(MATERIAL PROVIDED)

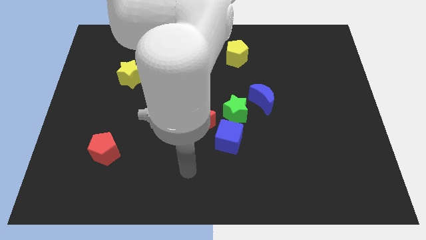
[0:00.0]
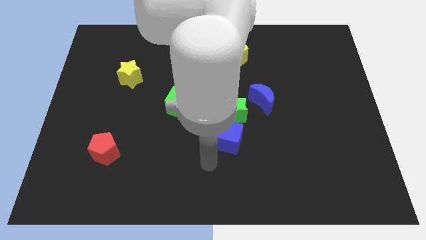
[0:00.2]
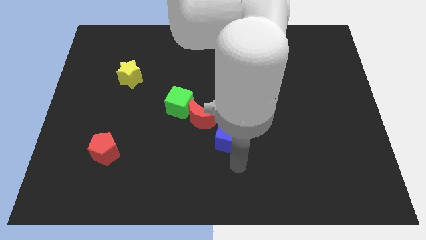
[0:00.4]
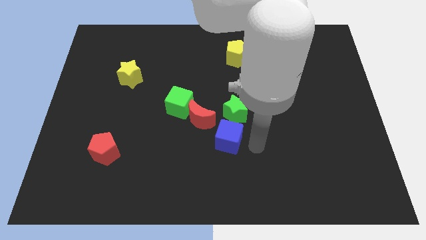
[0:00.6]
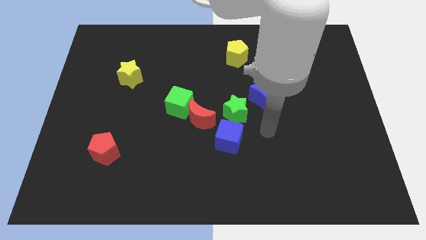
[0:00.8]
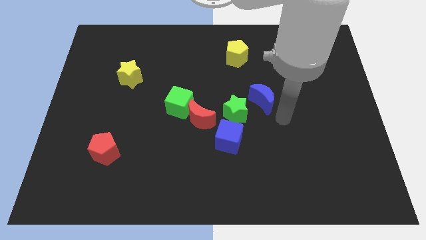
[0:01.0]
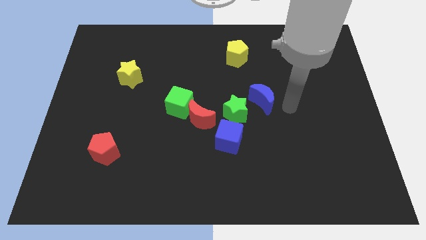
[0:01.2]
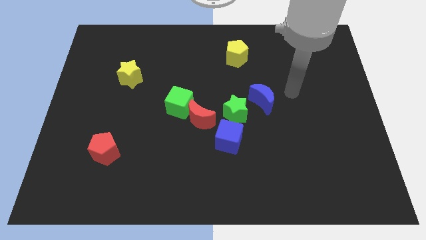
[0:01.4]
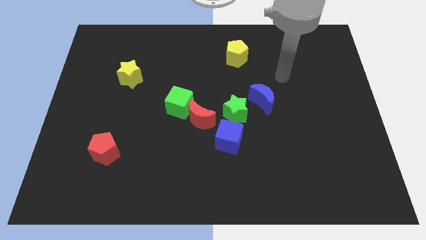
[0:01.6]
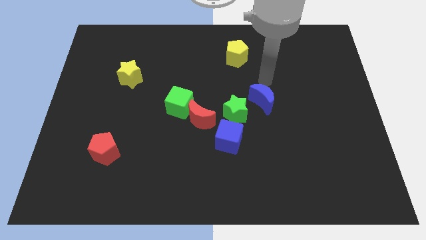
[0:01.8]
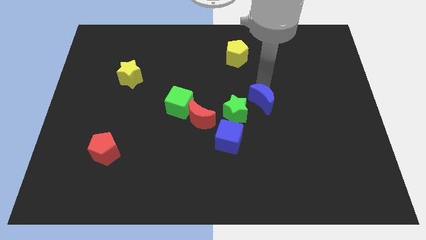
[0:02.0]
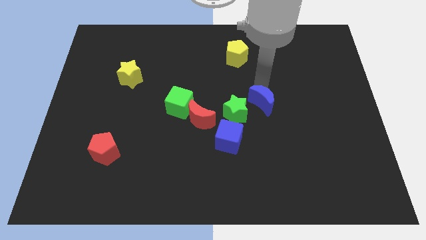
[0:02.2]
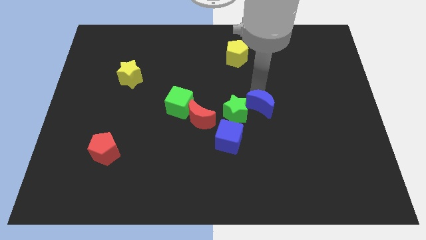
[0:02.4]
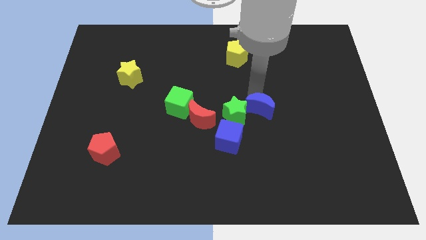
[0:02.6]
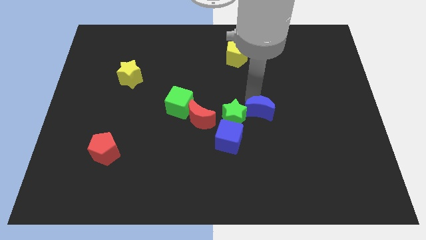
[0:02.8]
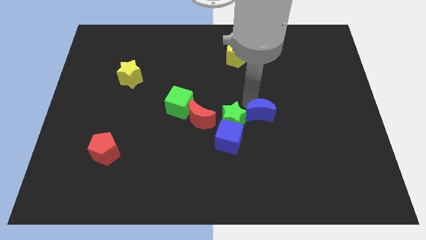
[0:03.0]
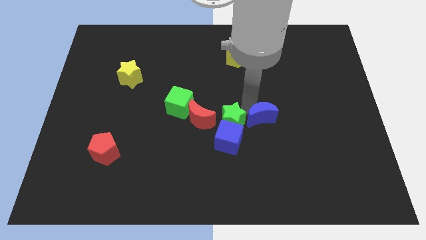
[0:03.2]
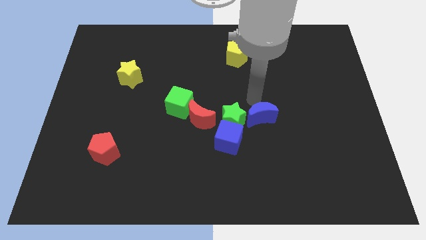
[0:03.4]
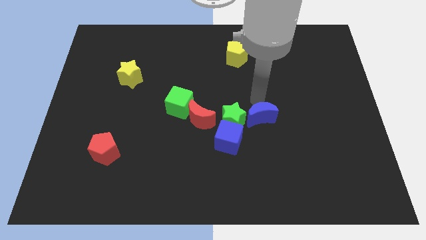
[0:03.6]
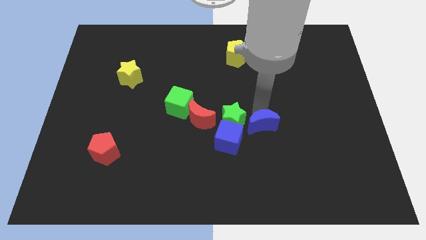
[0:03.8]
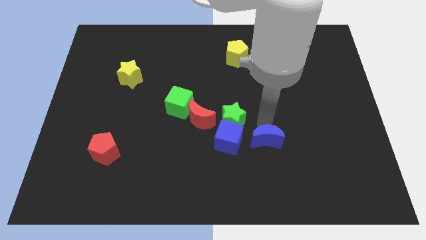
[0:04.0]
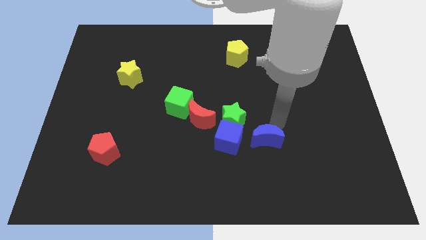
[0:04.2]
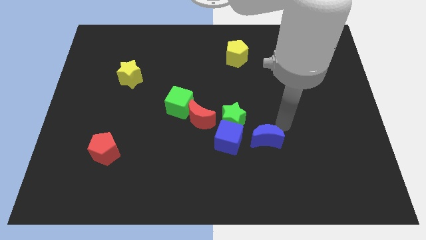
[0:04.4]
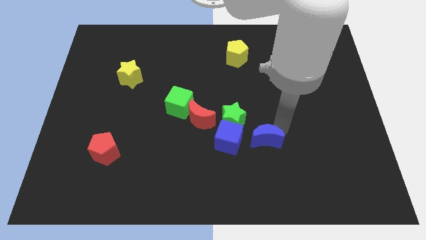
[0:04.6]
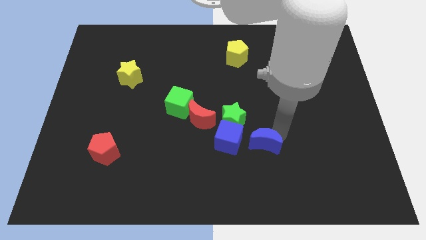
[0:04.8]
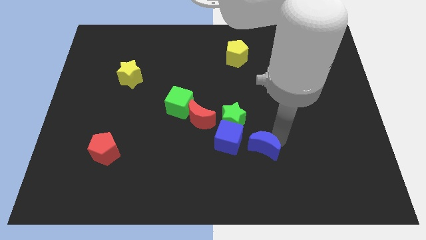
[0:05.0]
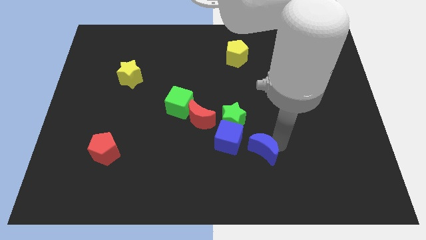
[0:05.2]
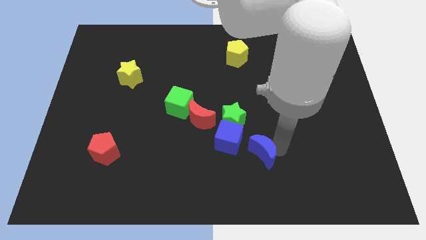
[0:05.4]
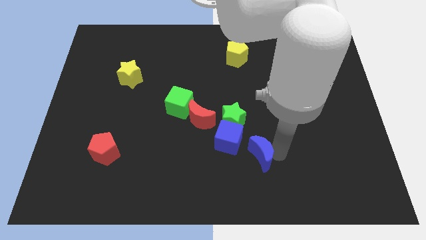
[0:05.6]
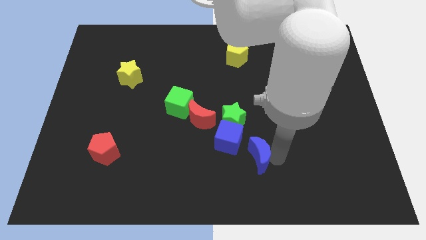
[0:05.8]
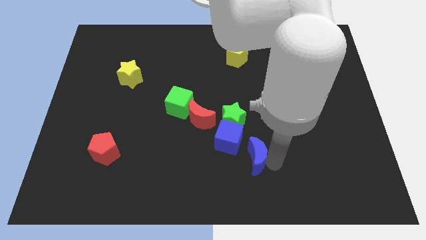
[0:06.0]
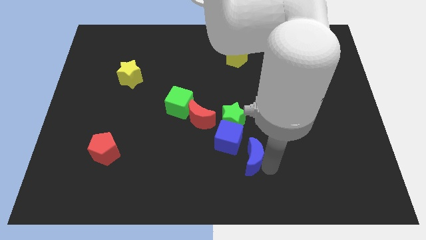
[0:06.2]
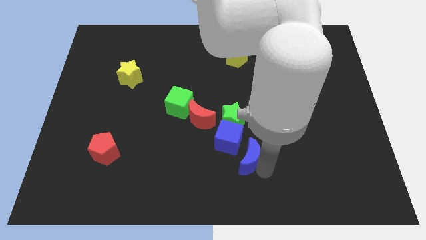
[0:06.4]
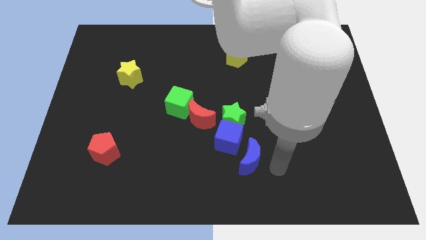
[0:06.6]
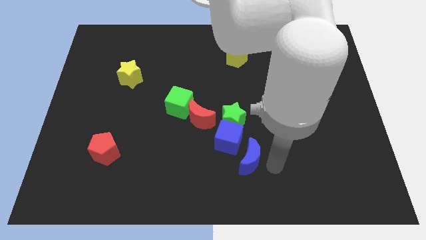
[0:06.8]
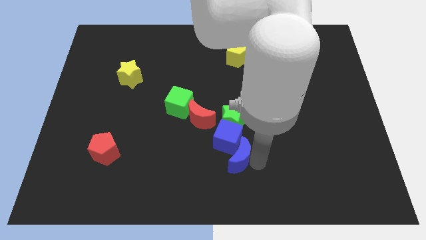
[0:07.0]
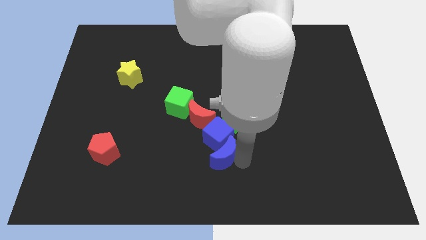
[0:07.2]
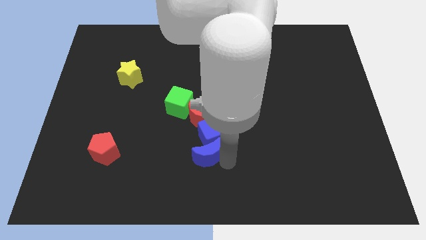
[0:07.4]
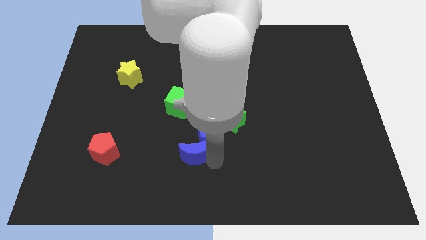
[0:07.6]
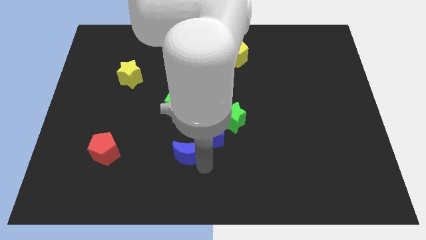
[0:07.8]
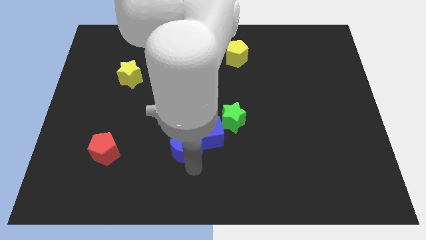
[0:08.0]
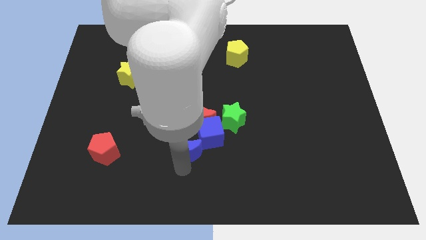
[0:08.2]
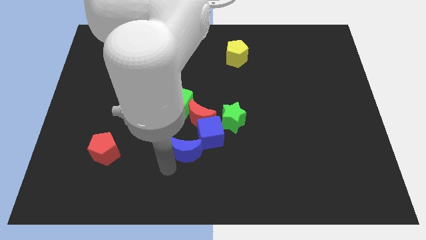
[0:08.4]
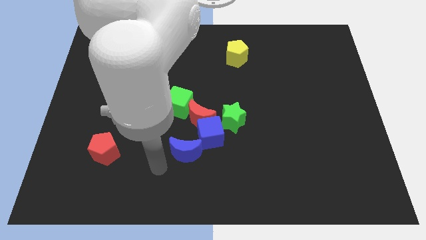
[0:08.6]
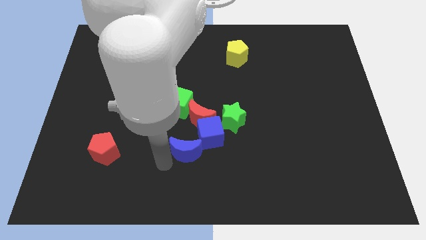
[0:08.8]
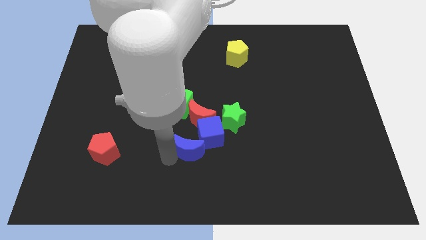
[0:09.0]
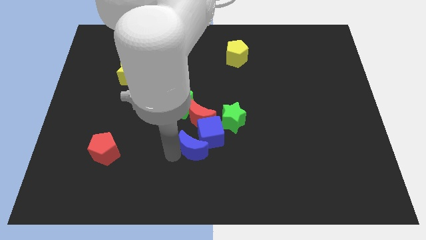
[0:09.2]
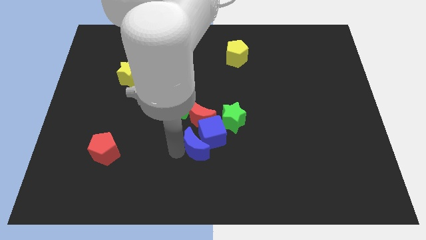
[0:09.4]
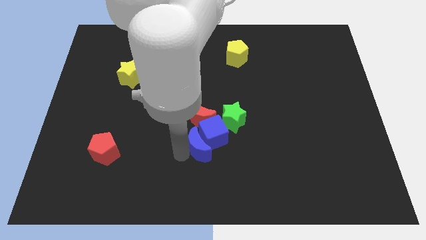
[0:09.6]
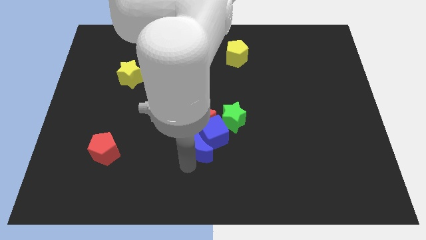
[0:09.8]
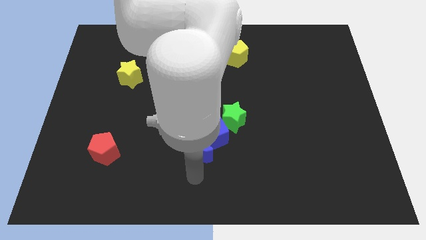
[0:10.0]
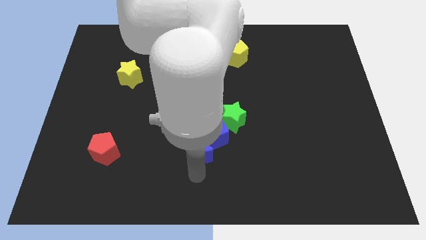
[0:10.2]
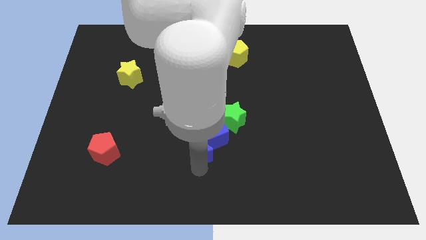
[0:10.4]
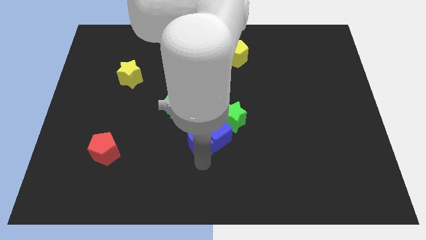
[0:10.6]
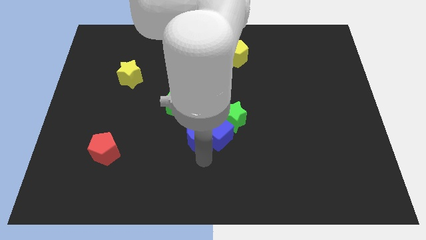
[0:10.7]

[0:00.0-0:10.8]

(End MATERIAL PROVIDED)

Copy the data precisely. Skip every picture.

[0:00.0]
[0:00.2]
[0:00.4]
[0:00.6]
[0:00.8]
[0:01.0]
[0:01.2]
[0:01.4]
[0:01.6]
[0:01.8]
[0:02.0]
[0:02.2]
[0:02.4]
[0:02.6]
[0:02.8]
[0:03.0]
[0:03.2]
[0:03.4]
[0:03.6]
[0:03.8]
[0:04.0]
[0:04.2]
[0:04.4]
[0:04.6]
[0:04.8]
[0:05.0]
[0:05.2]
[0:05.4]
[0:05.6]
[0:05.8]
[0:06.0]
[0:06.2]
[0:06.4]
[0:06.6]
[0:06.8]
[0:07.0]
[0:07.2]
[0:07.4]
[0:07.6]
[0:07.8]
[0:08.0]
[0:08.2]
[0:08.4]
[0:08.6]
[0:08.8]
[0:09.0]
[0:09.2]
[0:09.4]
[0:09.6]
[0:09.8]
[0:10.0]
[0:10.2]
[0:10.4]
[0:10.6]
[0:10.7]

[0:00.0-0:10.8]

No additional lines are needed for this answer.